The blacksmith of course is there--sometimes more than one--usually with plenty to do; for modern agriculture uses three times as much machinery and ironwork as was formerly the case. At first the blacksmiths did not understand how to mend many of these new-fangled machines, but they have learned a good deal, though some of the pieces still have to be replaced from the implement factories if broken. Horses come trooping in to have new shoes put on. Sometimes a village blacksmith acquires a fame for shoeing horses which extends far beyond his forge, and gentlemen residing in the market towns send out their horses to him to be shod.

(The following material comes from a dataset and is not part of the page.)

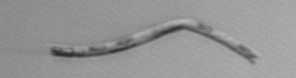
Label: Eucampia_morphytype1

He still uses a ground-ash sapling to hold the short chisel with which he cuts off the glowing iron on the anvil. He keeps bundles of the young, pliant ground-ash sticks, which twist easily and are peculiarly tough; and, taking one of these, with a few turns of his wrist winds it round the chisel so as to have a long handle. One advantage of the wood is that it 'gives' a little and does not jar when struck.
The tinker, notwithstanding his vagrant habits, is sometimes a man of substance, owning two or more small cottages, built out of his savings by the village mason--the materials perhaps carted for him free by a friendly fanner. When sober and steady, he has a capital trade: his hands are never idle. Milk-tins, pots, pans, etc, constantly need mending; he travels from door to door, and may be seen sitting on a stool in the cart-house in the farmyard, tinkering on his small portable anvil, with two or three cottagers' children--st.u.r.dy, yellow-haired youngsters--intently watching the mystery of the craft.